Unnamed: 0,Sid,Gender,Age,Department,Role,Income,Marital_Status,County,Leave_Days,Promotion
33,18997,Female,32,Associate,Senior,5340,Single,Nyeri,14,No
71,11450,Female,24,Research Analyst,Mid,7510,Single,Nyeri,13,No
138,19243,Female,32,Data,Senior,8161,Single,Nyeri,11,No
142,19558,Female,40,Research Analyst,Senior,7293,Single,Nyeri,16,No
226,14877,Female,47,Finance,Senior,8595,Single,Nyeri,3,No


In [7]:
##Generate a variable called Jinsia, that converts the Gender variable to swahili
where = DelayFunction(np.where)
wf_df2 = (wf_df >> 
          mutate(Jinsia = where(X.Gender == "Female","Mke","Mme")))
wf_df2.head(n=5)


Unnamed: 0,Sid,Gender,Age,Department,Role,Income,Marital_Status,County,Leave_Days,Promotion,Jinsia
0,10715,Male,31,Finance,Mid,5991,Single,Kisumu,11,No,Mme
1,17041,Male,48,Research Analyst,Junior,3387,Divorced,Wajir,8,Yes,Mme
2,16232,Male,35,Operations,Junior,3170,Married,Mombasa,0,No,Mme
3,19576,Female,41,Finance,Senior,5557,Married,Nyeri,8,No,Mke
4,13463,Female,43,Associate,Junior,1651,Married,Nairobi,2,Yes,Mke


In [8]:
## Calculate the average income, per Gender
avg_income_df = (wf_df >> 
             group_by(X.Gender)>>
             summarize(avg_income = X.Income.mean()))
avg_income_df

Unnamed: 0,Gender,avg_income
0,Female,5371.130802
1,Male,5613.931559


In [9]:
## Calculate the average income, per gender, per department

avg_income_df2 = (wf_df >>
                 group_by(X.Gender, X.Department) >>
                 summarize(avg_income = X.Income.mean())>>
                 arrange(X.Department))
avg_income_df2 = avg_income_df2.reset_index()  
avg_income_df2

Unnamed: 0,index,Gender,Department,avg_income
0,0,Female,Associate,5345.046512
1,5,Male,Associate,5071.941176
2,1,Female,Data,5613.42
3,6,Male,Data,5270.396226
4,2,Female,Finance,5574.714286
5,7,Male,Finance,5936.75
6,3,Female,Operations,5043.285714
7,8,Male,Operations,6284.854167
8,4,Female,Research Analyst,5264.521739
9,9,Male,Research Analyst,5533.327273


In [10]:
##  Are there more males than females in the dataset?
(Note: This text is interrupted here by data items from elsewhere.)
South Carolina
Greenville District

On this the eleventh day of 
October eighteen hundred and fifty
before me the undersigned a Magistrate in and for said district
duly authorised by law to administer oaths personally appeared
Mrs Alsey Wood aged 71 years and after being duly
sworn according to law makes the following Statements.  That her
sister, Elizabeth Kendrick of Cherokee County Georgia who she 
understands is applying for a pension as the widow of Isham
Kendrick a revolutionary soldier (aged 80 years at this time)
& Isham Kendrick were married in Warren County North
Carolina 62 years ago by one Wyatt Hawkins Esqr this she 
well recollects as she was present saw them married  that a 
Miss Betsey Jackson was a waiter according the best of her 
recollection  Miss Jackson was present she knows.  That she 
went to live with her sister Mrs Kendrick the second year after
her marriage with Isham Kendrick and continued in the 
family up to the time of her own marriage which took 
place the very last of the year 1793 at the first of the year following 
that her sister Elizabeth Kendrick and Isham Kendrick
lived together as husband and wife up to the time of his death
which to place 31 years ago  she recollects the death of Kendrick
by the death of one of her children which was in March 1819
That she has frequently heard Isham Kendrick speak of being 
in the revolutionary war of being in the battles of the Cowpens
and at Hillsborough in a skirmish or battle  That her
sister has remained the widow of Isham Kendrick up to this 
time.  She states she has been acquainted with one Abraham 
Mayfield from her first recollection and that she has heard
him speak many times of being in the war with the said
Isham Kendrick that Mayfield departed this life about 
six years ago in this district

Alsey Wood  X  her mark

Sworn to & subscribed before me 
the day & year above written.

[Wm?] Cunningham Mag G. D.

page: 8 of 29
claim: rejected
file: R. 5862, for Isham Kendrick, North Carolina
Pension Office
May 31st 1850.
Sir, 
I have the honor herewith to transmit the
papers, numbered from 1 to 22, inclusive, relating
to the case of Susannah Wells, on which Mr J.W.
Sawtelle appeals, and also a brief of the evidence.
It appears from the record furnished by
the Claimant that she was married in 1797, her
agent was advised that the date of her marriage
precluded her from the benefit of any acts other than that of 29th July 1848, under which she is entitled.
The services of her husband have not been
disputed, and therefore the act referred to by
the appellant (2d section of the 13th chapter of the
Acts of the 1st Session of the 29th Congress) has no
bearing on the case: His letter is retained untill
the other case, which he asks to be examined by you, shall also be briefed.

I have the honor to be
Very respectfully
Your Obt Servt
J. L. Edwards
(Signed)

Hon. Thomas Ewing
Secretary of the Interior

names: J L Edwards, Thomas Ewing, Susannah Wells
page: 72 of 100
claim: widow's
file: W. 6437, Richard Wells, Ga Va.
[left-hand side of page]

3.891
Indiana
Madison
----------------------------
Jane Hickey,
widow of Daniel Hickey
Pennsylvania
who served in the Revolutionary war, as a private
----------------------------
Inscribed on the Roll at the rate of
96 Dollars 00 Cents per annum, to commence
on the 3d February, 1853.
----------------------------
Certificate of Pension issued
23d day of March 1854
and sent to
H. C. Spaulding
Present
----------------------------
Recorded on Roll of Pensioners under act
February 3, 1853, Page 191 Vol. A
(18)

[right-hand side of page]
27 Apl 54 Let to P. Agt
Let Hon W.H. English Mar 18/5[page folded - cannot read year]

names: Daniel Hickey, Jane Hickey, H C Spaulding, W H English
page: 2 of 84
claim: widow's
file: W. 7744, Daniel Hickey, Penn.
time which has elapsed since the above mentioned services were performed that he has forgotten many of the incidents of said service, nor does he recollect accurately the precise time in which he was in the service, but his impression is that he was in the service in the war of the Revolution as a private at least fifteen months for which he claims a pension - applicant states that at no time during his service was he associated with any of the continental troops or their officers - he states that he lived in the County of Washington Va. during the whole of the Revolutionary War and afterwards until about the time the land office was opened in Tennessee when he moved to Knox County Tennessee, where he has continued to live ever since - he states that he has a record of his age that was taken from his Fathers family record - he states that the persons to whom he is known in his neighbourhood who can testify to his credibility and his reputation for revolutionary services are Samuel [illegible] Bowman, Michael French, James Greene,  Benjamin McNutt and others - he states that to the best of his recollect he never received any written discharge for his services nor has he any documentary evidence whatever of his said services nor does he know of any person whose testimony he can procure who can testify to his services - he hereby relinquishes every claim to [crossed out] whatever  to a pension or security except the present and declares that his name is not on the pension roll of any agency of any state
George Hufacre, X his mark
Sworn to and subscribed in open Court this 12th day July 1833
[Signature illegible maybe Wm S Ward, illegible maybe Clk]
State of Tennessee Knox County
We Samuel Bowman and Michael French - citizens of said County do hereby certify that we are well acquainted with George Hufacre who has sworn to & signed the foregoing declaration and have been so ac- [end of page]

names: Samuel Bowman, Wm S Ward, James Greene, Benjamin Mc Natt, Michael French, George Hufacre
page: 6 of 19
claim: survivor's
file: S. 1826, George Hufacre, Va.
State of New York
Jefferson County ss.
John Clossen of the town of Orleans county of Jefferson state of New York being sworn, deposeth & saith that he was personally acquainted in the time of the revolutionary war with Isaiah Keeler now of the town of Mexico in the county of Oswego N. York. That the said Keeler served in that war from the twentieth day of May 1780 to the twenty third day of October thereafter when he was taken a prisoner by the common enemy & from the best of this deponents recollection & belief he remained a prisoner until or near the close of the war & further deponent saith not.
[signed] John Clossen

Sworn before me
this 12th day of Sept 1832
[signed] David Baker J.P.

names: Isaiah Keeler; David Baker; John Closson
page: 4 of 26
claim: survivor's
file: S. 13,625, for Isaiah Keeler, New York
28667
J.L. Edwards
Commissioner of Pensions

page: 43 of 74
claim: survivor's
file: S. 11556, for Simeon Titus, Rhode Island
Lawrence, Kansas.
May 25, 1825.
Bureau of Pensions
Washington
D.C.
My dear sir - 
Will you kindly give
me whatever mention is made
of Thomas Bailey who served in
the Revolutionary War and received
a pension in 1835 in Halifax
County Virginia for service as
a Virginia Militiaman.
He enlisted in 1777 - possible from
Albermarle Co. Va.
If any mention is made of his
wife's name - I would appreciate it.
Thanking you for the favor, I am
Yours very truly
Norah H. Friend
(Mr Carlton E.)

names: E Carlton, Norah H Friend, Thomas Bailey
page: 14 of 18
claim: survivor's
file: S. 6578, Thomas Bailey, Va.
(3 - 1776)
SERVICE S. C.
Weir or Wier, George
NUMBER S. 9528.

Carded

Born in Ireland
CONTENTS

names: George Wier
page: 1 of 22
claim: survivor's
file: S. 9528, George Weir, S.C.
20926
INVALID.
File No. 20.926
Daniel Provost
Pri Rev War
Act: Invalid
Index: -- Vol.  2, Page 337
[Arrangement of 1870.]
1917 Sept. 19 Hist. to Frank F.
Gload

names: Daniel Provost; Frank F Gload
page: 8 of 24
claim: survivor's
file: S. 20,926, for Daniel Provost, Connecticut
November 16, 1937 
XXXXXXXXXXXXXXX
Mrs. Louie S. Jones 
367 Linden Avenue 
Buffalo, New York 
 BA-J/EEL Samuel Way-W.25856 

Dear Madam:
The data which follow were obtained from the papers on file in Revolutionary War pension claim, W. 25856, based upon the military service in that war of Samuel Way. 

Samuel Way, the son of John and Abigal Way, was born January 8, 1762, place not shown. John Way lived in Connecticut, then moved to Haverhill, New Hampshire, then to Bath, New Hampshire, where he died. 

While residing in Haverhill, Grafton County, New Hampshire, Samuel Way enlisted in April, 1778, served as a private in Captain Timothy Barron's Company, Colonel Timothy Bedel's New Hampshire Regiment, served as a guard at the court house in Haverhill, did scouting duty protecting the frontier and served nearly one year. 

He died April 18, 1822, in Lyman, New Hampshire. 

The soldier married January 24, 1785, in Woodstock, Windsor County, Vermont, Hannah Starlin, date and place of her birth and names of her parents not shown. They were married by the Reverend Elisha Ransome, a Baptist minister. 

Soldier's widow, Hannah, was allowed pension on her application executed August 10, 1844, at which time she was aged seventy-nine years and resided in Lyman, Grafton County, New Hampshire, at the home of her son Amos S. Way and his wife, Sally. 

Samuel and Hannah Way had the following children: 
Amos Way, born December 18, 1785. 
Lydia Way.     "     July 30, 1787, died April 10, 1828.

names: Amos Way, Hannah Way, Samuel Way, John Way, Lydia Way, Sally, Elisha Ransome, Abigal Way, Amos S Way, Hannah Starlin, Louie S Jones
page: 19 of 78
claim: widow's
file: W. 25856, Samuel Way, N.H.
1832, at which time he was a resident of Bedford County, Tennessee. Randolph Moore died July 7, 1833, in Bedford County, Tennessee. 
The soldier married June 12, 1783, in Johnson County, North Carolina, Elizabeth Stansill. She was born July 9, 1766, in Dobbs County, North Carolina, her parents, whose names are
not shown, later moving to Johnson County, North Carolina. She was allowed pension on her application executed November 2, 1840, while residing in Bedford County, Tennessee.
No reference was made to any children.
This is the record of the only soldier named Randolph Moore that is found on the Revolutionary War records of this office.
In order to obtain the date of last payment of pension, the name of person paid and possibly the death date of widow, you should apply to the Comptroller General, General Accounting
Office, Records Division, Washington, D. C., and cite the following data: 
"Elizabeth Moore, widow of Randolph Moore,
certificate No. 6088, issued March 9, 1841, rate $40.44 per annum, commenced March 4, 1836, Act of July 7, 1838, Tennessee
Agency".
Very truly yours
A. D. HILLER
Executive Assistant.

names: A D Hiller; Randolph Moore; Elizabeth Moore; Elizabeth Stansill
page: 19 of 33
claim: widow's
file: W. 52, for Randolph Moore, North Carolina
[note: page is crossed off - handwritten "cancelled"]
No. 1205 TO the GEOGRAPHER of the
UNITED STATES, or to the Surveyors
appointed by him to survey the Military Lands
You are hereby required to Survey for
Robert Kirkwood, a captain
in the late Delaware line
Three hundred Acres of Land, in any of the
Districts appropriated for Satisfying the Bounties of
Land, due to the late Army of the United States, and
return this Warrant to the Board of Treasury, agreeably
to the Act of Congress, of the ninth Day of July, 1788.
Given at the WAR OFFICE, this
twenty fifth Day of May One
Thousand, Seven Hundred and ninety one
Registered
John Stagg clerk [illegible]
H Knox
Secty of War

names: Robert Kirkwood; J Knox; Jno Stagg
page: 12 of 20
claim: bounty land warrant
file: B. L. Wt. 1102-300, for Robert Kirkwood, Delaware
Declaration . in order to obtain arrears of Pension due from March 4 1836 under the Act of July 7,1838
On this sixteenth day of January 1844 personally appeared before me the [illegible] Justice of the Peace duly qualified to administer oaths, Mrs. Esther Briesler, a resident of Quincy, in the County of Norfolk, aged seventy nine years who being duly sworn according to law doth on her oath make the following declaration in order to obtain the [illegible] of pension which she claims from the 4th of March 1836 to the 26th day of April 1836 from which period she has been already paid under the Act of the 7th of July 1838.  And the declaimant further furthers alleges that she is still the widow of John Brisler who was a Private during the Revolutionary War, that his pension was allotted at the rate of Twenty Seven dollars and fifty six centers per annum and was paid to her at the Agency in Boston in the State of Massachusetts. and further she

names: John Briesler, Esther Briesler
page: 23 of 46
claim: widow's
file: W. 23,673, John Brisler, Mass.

What is the % gender gap?
gender_gap = (wf_df >>
             group_by(X.Gender) >>
             summarize(gender_count = X.Gender.count())>>
             mutate(gender_perc = ((X.gender_count/X.gender_count.sum())*100).round(0))>>
             select(X.Gender, X.gender_perc))
gender_gap 

Unnamed: 0,Gender,gender_perc
0,Female,47.0
1,Male,53.0


In [11]:
## Now we need to reshape this data, so that Female and Male can be variables,
## and gender_perc can be value under them.
# gender_gap2 =(gender_gap >>
#               spread(X.Gender, X.gender_perc))
# gender_gap2

##Waiting for Chris Riederererer to help me debug this issue.